Below is a listing. Return the lines from the one that contains "ལ་ཆོས་བསྟན་པར་" to the one that contains "ཟླ་བ་མེ་ལོང་ཡེ་ཤེས་ལྡན། །བདུན་གྱི་བདུན་པ་མཉམ་ཉིད་ལྡན། །རང་", both ends included, verbatim and with no pictures.

* _Material to process_:
* * * * *

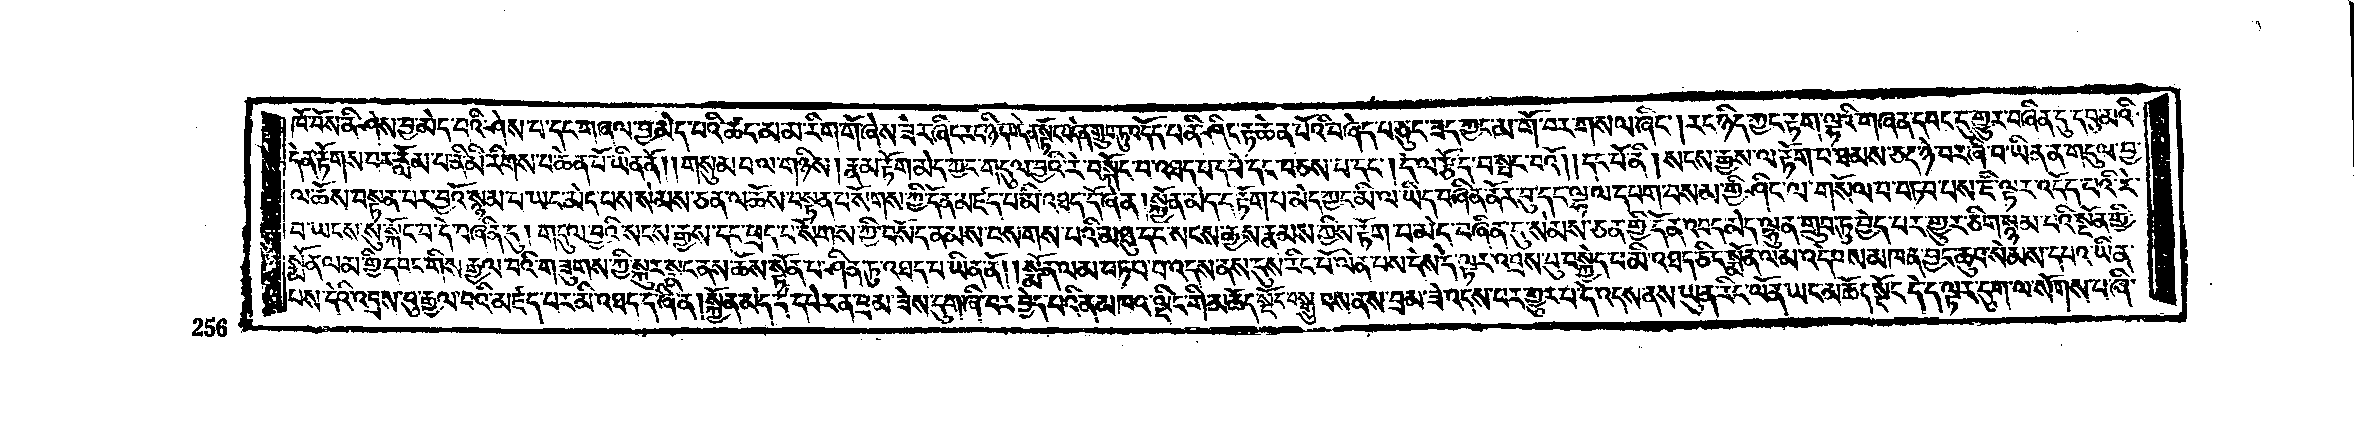ཁོ་བོས་ནི་ཤེ་བྱ་མེད་པའི་ཤེས་པ་དང་གཞལ་བྱ་མེད་པའི་ཚད་མ་མ་རིག་གོ་ཞེས་ཟེར་ཞིང་རང་ཉིད་བདེན་སྟོང་བདེན་གྲུབ་ཏུ་འདོད་པ་ནི་ཤིང་རྟ་ཆེན་པོའི་བཞེད་པ་ཅུང་ཟད་ཀྱང་མ་གོ་བར་གསལ་ཞིང་། རང་ཉིད་ཀྱང་རྟག་ལྷའི་གཞན་དབང་དུ་གྱུར་བཞིན་དུ་དབུ་མའི་
དོན་རྟོགས་པར་རློམ་པ་ནི་མི་རིགས་པ་ཆེན་པོ་ཡིན་ནོ། །གསུམ་པ་ལ་གཉིས། རྣམ་རྟོག་མེད་ཀྱང་གདུལ་བྱའི་རེ་བསྐོང་བ་འཐད་པ་དཔེ་དང་བཅས་པ་དང་། དེ་ལ་རྩོད་པ་སྤང་བའོ། །དང་པོ་ནི། སངས་རྒྱས་ལ་རྟོག་པ་ཐམས་ཅད་ཉེ་བར་ཞི་བ་ཡིན་ན་གདུལ་བྱ་
ལ་ཆོས་བསྟན་པར་བྱའོ་སྙམ་པ་ཡང་མེད་པས་སེམས་ཅན་ལ་ཆོས་བསྟན་པ་སོགས་ཀྱི་དོན་མཛད་པ་མི་འཐད་དོ་ཞེ་ན། སྐྱོན་མེད་དེ་རྟོག་པ་མེད་ཀྱང་མི་ལ་ཡིད་བཞིན་ནོར་བུ་དང་ལྷ་ལ་དཔག་བསམ་གྱི་ཤིང་ལ་གསོལ་བ་བཏབ་པས་ཇི་ལྟར་འདོད་པའི་རེ་
བ་ཡངས་སུ་སྐོང་བ་དེ་བཞིན་དུ། གདུ་བྱའི་སངས་རྒྱས་དང་ཕྲད་པ་སོགས་ཀྱི་བསོད་ནམས་བསགས་པའི་མཐུ་དང་སངས་རྒྱས་རྣམས་ཀྱིས་རྟོག་པ་མེད་བཞིན་དུ་སེམས་ཅན་གྱི་དོན་འབད་མེད་ལྷུན་གྲུབ་ཏུ་བྱེད་པར་གྱུར་ཅིག་སྙམ་པའི་སྔོན་གྱི་
སྨོན་ལམ་གྱི་དབང་གིས་རྒྱལ་བའི་གཟུགས་ཀྱི་སྐུར་སྣང་ནས་ཆོས་སྟོན་པ་ཤིན་ཏུ་འཐད་པ་ཡིན་ནོ། །སྨོན་ལམ་བཏབ་པ་འདས་ནས་དུས་རིང་པོ་ལེན་པས་དེས་དེ་ལྟར་འབྲས་བུ་བསྐྱེད་པ་མི་འཐད་ཅིང་སྨོན་ལམ་འདེབས་མཁན་བྱང་ཆུབ་སེམས་དཔའ་ཡིན་
པས་དེའི་འབྲས་བུ་རྒྱལ་བའི་མཛད་པར་མི་འཐད་དེ་ཞེ་ན། སྐྱོན་མེད་དེ་དཔེར་ན་བྲམ་ཟེས་དུག་ཞི་བར་བྱེད་པའི་ནམ་མཁའ་ལྡིང་གི་མཆོད་སྡོང་བསྒྲུབས་ནས་བྲམ་ཟེ་འདས་པར་གྱུར་པ་དེ་འདས་ནས་ཡུན་རིང་ཡོན་ཡང་མཆོད་སྡོང་དེ་ད་ལྟར་དུག་ལ་སོགས་པ་ཞི་
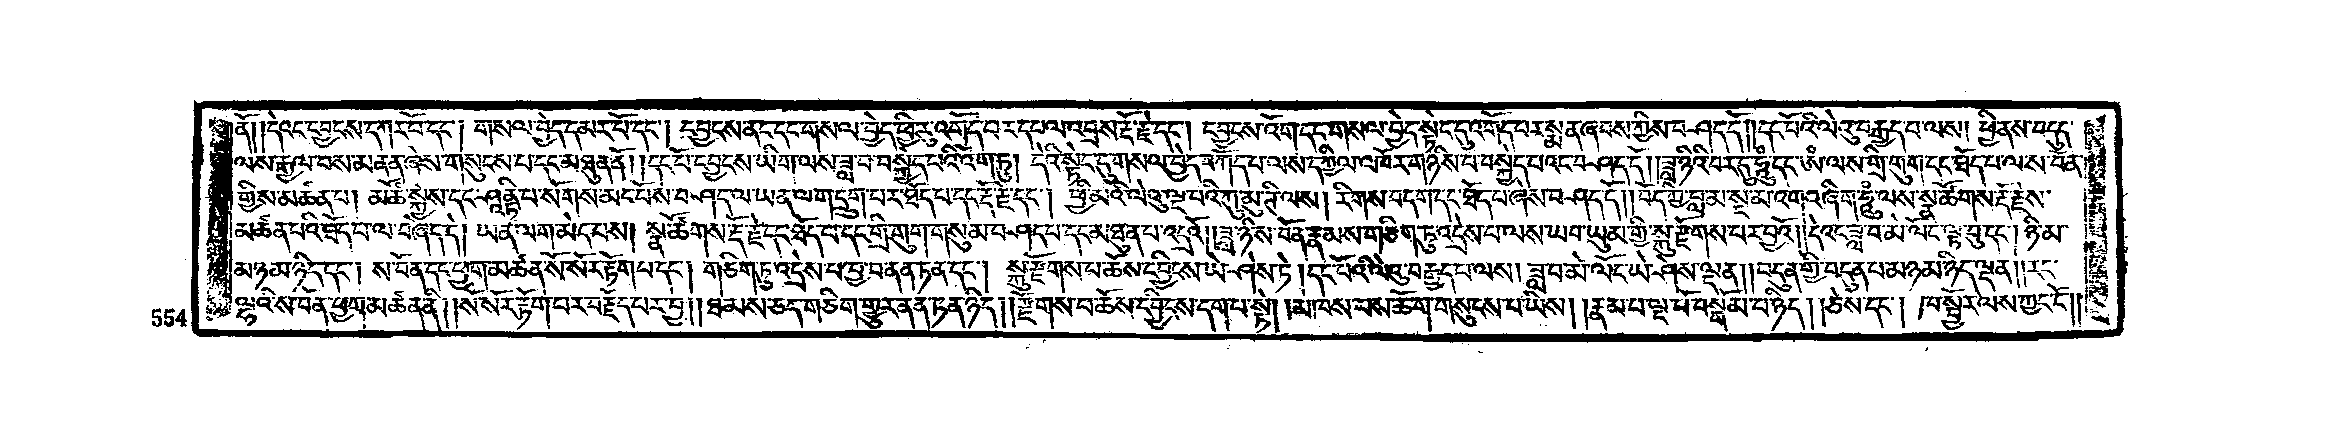ནོ། །དེའང་དབྱངས་དཀར་པོ་དང་། གསལ་བྱེད་དམར་པོ་དང་། དབྱངས་ནང་དང་གསལ་བྱེད་ཕྱི་རུ་འགོད་པར་དཔལ་འབྲས་རྡོ་རྗེ་དང་། དབྱངས་འོག་དང་གསལ་བྱེད་སྟེང་དུ་འགོད་པར་སྨན་ཞབས་ཀྱིས་བཤད་དོ། །དང་པོའི་ལེའུ་བརྒྱད་པ་ལས། ཕྱི་ནས་བདུད་
ལས་རྒྱལ་བས་མནན་ཞེས་གསུངས་པ་དང་མཐུན་ནོ། །དང་པོ་དབྱངས་ཡིག་ལས་ཟླ་བ་བསྐྱེད་པའི་འོག་ཏུ། དེའི་སྟེང་དུ་གསལ་བྱེད་བཀོད་པ་ལས་དཀྱིལ་འཁོར་གཉིས་པ་བསྐྱེད་པའང་བཤད་དོ། །ཟླ་ཉིའི་བར་དུ་ཧཱུཾ་དང་ཨཾ་ལས་གྲི་གུག་དང་ཐོད་པ་ལ་ས་བོན་
གྱིས་མཚན་པ། མཚོ་སྐྱེས་དང་ཤཱནྟི་པ་སོགས་མང་པོས་བཤད་ལ་ཡན་ལག་དྲུག་པར་ཐོད་པ་དང་རྡོ་རྗེ་དང་། ཕྱི་མའི་ལེའུ་ལྔ་པའི་ཀུ་མུ་ཊི་ལས། རིགས་བདག་དང་ཐོད་པ་ཞེས་བཤད་དོ། །བོད་ཀྱི་བླ་མ་སྔ་མ་འགའ་ཞིག་ཧཱུཾ་ལས་སྣ་ཚོགས་རྡོ་རྗེས་
མཚན་པའི་ཐོད་པ་ལ་བཞེད་དེ། ཡན་ལག་མེད་པས། སྣ་ཚོགས་རྡོ་རྗེ་དང་ཐོད་པ་དང་གྲི་གུག་གསུམ་བཤད་པ་དང་མཐུན་པ་འདྲའོ། །ཟླ་ཉི་ས་བོན་རྣམས་གཅིག་ཏུ་འདྲེས་པ་ལས་ཡབ་ཡུམ་གྱི་སྐུ་རྫོགས་པར་བྱའོ། །དེའང་ཟླ་བ་མེ་ལོང་ལྟ་བུ་དང་། ཉི་མ་
མཉམ་ཉིད་དང་། ས་བོན་དང་ཕྱག་མཚན་སོ་སོར་རྟོག་པ་དང་། གཅིག་ཏུ་འདྲེས་པ་བྱ་བ་ནན་ཏན་དང་། སྐུ་རྫོགས་པ་ཆོས་དབྱིངས་ཡེ་ཤེས་ཏེ། དང་པོའི་ལེའུ་བརྒྱད་པ་ལས། ཟླ་བ་མེ་ལོང་ཡེ་ཤེས་ལྡན། །བདུན་གྱི་བདུན་པ་མཉམ་ཉིད་ལྡན། །རང་
ལྷའི་ས་བོན་ཕྱག་མཚན་ནི། །སོ་སོར་རྟོག་པར་བརྗོད་པར་བྱ། །ཐམས་ཅད་གཅིག་གྱུར་ནན་ཏན་ཉིད། །རྫོགས་པ་ཆོས་དབྱིངས་དག་པ་སྟེ། །མཁས་པས་ཆོ་ག་གསུངས་པ་ཡིས། །རྣམ་པ་ལྔ་པོ་བསྒོམ་པ་ཉིད། །ཅེས་དང་། ཁ་སྦྱོར་ལས་ཀྱང་ངོ། །

* * * * *

* _Response to the task_:
ལ་ཆོས་བསྟན་པར་བྱའོ་སྙམ་པ་ཡང་མེད་པས་སེམས་ཅན་ལ་ཆོས་བསྟན་པ་སོགས་ཀྱི་དོན་མཛད་པ་མི་འཐད་དོ་ཞེ་ན། སྐྱོན་མེད་དེ་རྟོག་པ་མེད་ཀྱང་མི་ལ་ཡིད་བཞིན་ནོར་བུ་དང་ལྷ་ལ་དཔག་བསམ་གྱི་ཤིང་ལ་གསོལ་བ་བཏབ་པས་ཇི་ལྟར་འདོད་པའི་རེ་
བ་ཡངས་སུ་སྐོང་བ་དེ་བཞིན་དུ། གདུ་བྱའི་སངས་རྒྱས་དང་ཕྲད་པ་སོགས་ཀྱི་བསོད་ནམས་བསགས་པའི་མཐུ་དང་སངས་རྒྱས་རྣམས་ཀྱིས་རྟོག་པ་མེད་བཞིན་དུ་སེམས་ཅན་གྱི་དོན་འབད་མེད་ལྷུན་གྲུབ་ཏུ་བྱེད་པར་གྱུར་ཅིག་སྙམ་པའི་སྔོན་གྱི་
སྨོན་ལམ་གྱི་དབང་གིས་རྒྱལ་བའི་གཟུགས་ཀྱི་སྐུར་སྣང་ནས་ཆོས་སྟོན་པ་ཤིན་ཏུ་འཐད་པ་ཡིན་ནོ། །སྨོན་ལམ་བཏབ་པ་འདས་ནས་དུས་རིང་པོ་ལེན་པས་དེས་དེ་ལྟར་འབྲས་བུ་བསྐྱེད་པ་མི་འཐད་ཅིང་སྨོན་ལམ་འདེབས་མཁན་བྱང་ཆུབ་སེམས་དཔའ་ཡིན་
པས་དེའི་འབྲས་བུ་རྒྱལ་བའི་མཛད་པར་མི་འཐད་དེ་ཞེ་ན། སྐྱོན་མེད་དེ་དཔེར་ན་བྲམ་ཟེས་དུག་ཞི་བར་བྱེད་པའི་ནམ་མཁའ་ལྡིང་གི་མཆོད་སྡོང་བསྒྲུབས་ནས་བྲམ་ཟེ་འདས་པར་གྱུར་པ་དེ་འདས་ནས་ཡུན་རིང་ཡོན་ཡང་མཆོད་སྡོང་དེ་ད་ལྟར་དུག་ལ་སོགས་པ་ཞི་
ནོ། །དེའང་དབྱངས་དཀར་པོ་དང་། གསལ་བྱེད་དམར་པོ་དང་། དབྱངས་ནང་དང་གསལ་བྱེད་ཕྱི་རུ་འགོད་པར་དཔལ་འབྲས་རྡོ་རྗེ་དང་། དབྱངས་འོག་དང་གསལ་བྱེད་སྟེང་དུ་འགོད་པར་སྨན་ཞབས་ཀྱིས་བཤད་དོ། །དང་པོའི་ལེའུ་བརྒྱད་པ་ལས། ཕྱི་ནས་བདུད་
ལས་རྒྱལ་བས་མནན་ཞེས་གསུངས་པ་དང་མཐུན་ནོ། །དང་པོ་དབྱངས་ཡིག་ལས་ཟླ་བ་བསྐྱེད་པའི་འོག་ཏུ། དེའི་སྟེང་དུ་གསལ་བྱེད་བཀོད་པ་ལས་དཀྱིལ་འཁོར་གཉིས་པ་བསྐྱེད་པའང་བཤད་དོ། །ཟླ་ཉིའི་བར་དུ་ཧཱུཾ་དང་ཨཾ་ལས་གྲི་གུག་དང་ཐོད་པ་ལ་ས་བོན་
གྱིས་མཚན་པ། མཚོ་སྐྱེས་དང་ཤཱནྟི་པ་སོགས་མང་པོས་བཤད་ལ་ཡན་ལག་དྲུག་པར་ཐོད་པ་དང་རྡོ་རྗེ་དང་། ཕྱི་མའི་ལེའུ་ལྔ་པའི་ཀུ་མུ་ཊི་ལས། རིགས་བདག་དང་ཐོད་པ་ཞེས་བཤད་དོ། །བོད་ཀྱི་བླ་མ་སྔ་མ་འགའ་ཞིག་ཧཱུཾ་ལས་སྣ་ཚོགས་རྡོ་རྗེས་
མཚན་པའི་ཐོད་པ་ལ་བཞེད་དེ། ཡན་ལག་མེད་པས། སྣ་ཚོགས་རྡོ་རྗེ་དང་ཐོད་པ་དང་གྲི་གུག་གསུམ་བཤད་པ་དང་མཐུན་པ་འདྲའོ། །ཟླ་ཉི་ས་བོན་རྣམས་གཅིག་ཏུ་འདྲེས་པ་ལས་ཡབ་ཡུམ་གྱི་སྐུ་རྫོགས་པར་བྱའོ། །དེའང་ཟླ་བ་མེ་ལོང་ལྟ་བུ་དང་། ཉི་མ་
མཉམ་ཉིད་དང་། ས་བོན་དང་ཕྱག་མཚན་སོ་སོར་རྟོག་པ་དང་། གཅིག་ཏུ་འདྲེས་པ་བྱ་བ་ནན་ཏན་དང་། སྐུ་རྫོགས་པ་ཆོས་དབྱིངས་ཡེ་ཤེས་ཏེ། དང་པོའི་ལེའུ་བརྒྱད་པ་ལས། ཟླ་བ་མེ་ལོང་ཡེ་ཤེས་ལྡན། །བདུན་གྱི་བདུན་པ་མཉམ་ཉིད་ལྡན། །རང་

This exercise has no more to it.